See for yourself how SpeedQuizzing works:

Over and above all this, it seems that the etiquette around trivia-based games may simply be lost on some demographics. “It’s now possible to find people at quizzes who genuinely don’t realise that using phones is unacceptable,” says Jack. “This is particularly true with non-Brits for whom the concept of the pub quiz is sufficiently alien. So when asked something they don’t know, their natural reaction is the same in a pub quiz as it would be over the dinner table – just look it up on their phone.”

I’m still curious though, besides the obvious, are there any real tell-tale signs that someone is getting their answers from Google or other mobile apps?

“A team that has generally performed poorly during the quiz, but then has an unexpectedly good round is one sign,” says Jack. “But we also lay traps. For example, we may include pictures in the picture round of people who are not famous at all, but whose image is quite prevalent on Google – this could be university academics, or employees who are photographed on their company website, and so on. “If people get those right, we know with 99% certainty that they’re up to no good.”

Creating the ultimate Google-proof quiz

Some interesting insights for sure, and it seems there may still be life left yet in the humble pub quiz…but it does require action, both from quiz participants and quizmasters.

Militancy simply won’t work…it’s supposed to be a fun occasion, after all.

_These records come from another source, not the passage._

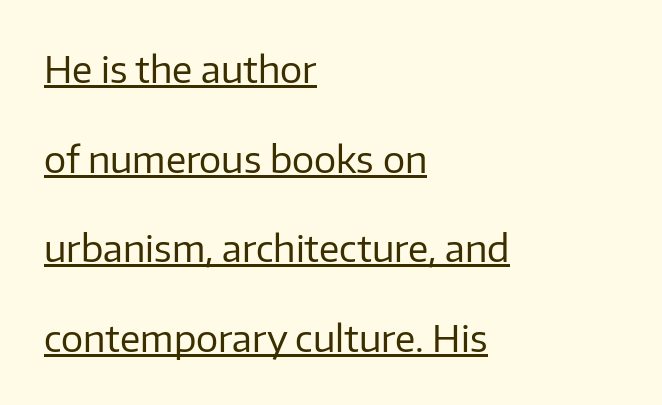
The face used here appears with an underline applied. Caption: multi-line text, flush left, ragged right. Stem width sits at or under what a default text font uses. The letters sit at their default tracking, neither squeezed nor spread. Looks like regular typesetting: each glyph gets only the width it needs.
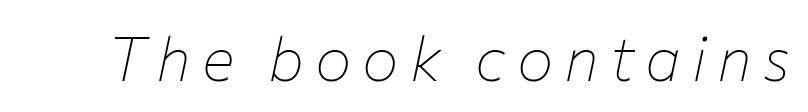
Q: Is the text bold? A: No.
Q: Is the text italic (slanted)? A: Yes, it leans right by about 12 degrees.
Q: Is the text underlined? A: No.
Q: Width (condensed, normal, or wide)? A: Normal.
Q: Stroke contrast? A: Low.
Q: x-height? A: Medium.
Q: Monospaced? A: No.
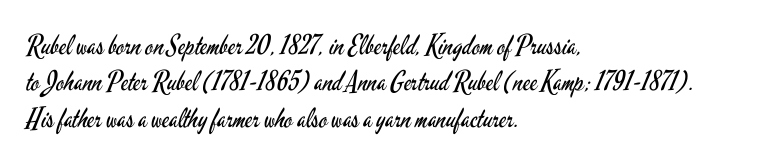
Reading down the column, the eye jumps a familiar distance to each next line. The typesetting does not lean heavy: it is not bold. Horizontal alignment here is leftward, the default for most running prose. The space directly below the letters is spotless. Glyph-to-glyph distance matches everyday printed text.
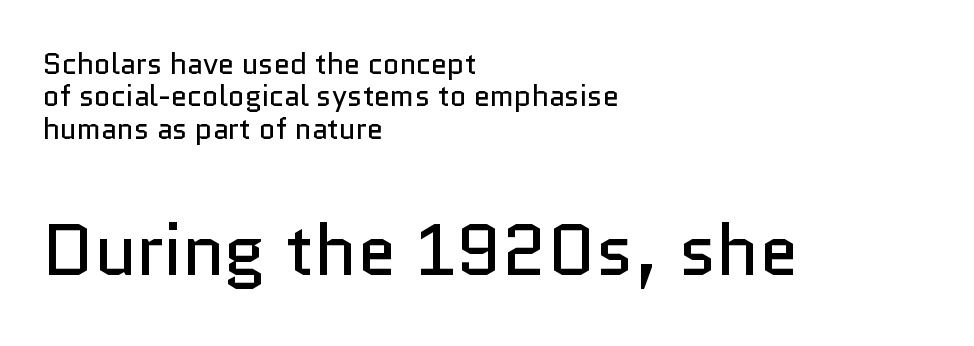
The image shows 72 px regular-weight sans-serif type, upright; set left-aligned, tight line spacing (1.12x), normal letter spacing, not underlined; the second (bottom) block is 2.48x larger; low stroke contrast and a medium x-height.
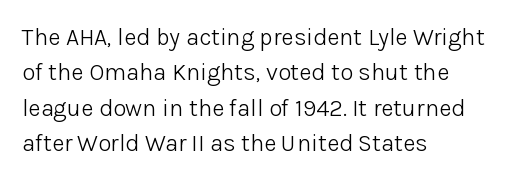
The image shows 24 px text type, upright; set left-aligned, normal line spacing (1.47x), normal letter spacing, not underlined.
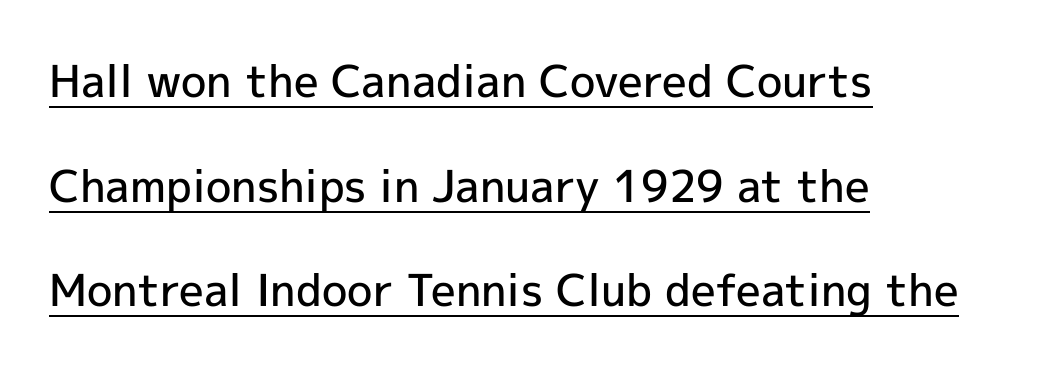
Emphasis is given by a line drawn under the lettering. In terms of leading, this rendering errs on the spacious side. You could call the tracking neutral — neither tight nor loose. Ascenders rise straight up at ninety degrees. Do the characters align in a grid? No, the font is proportional.
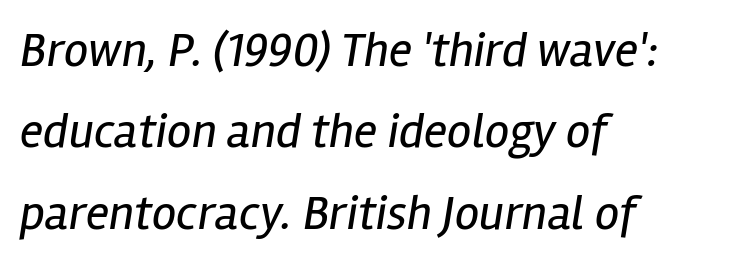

So it’s a case of making participants voluntarily steer clear of their pocket rockets, and it requires a multifaceted approach.

By way of a summary, it seems the top three deterrents for would-be pub quiz cheats include:

  • Clear, formal instructions at the start of the quiz: “If your phone is in your hand, or on the table, it looks like you are cheating, even if you are not, so please put them away.”
  • Engaging questions: Format the quiz so that people see the fun in playing properly.
  • Ensure it’s not too hard: People cheat if they can’t identify another way of getting the correct answer.

Given that you do want to keep things light-hearted, the way you approach people tapping on their phones is key. You should pick them on it quickly and publicly, but also humorously. “Even if you can see they aren’t cheating, you need to emphasise the message about phones being kept completely out of sight,” adds Jack. “Mobile phones in quizzes are just as unacceptable as phones in the cinema, albeit for very different reasons.”

Simple measures that feed into this include the type of questions that are used – so lateral-thinking is a good start, but the quiz can’t consist entirely of them, as it can become very ‘samey’.

You can also try and get one-up on Shazam, by playing music mashups of multiple artists, or play song clips backwards. But over and above all this is the speed factor – short, concise rounds mean that users don’t have the time to Google for answers. It won’t be totally fool-proof, but it will go some way towards helping.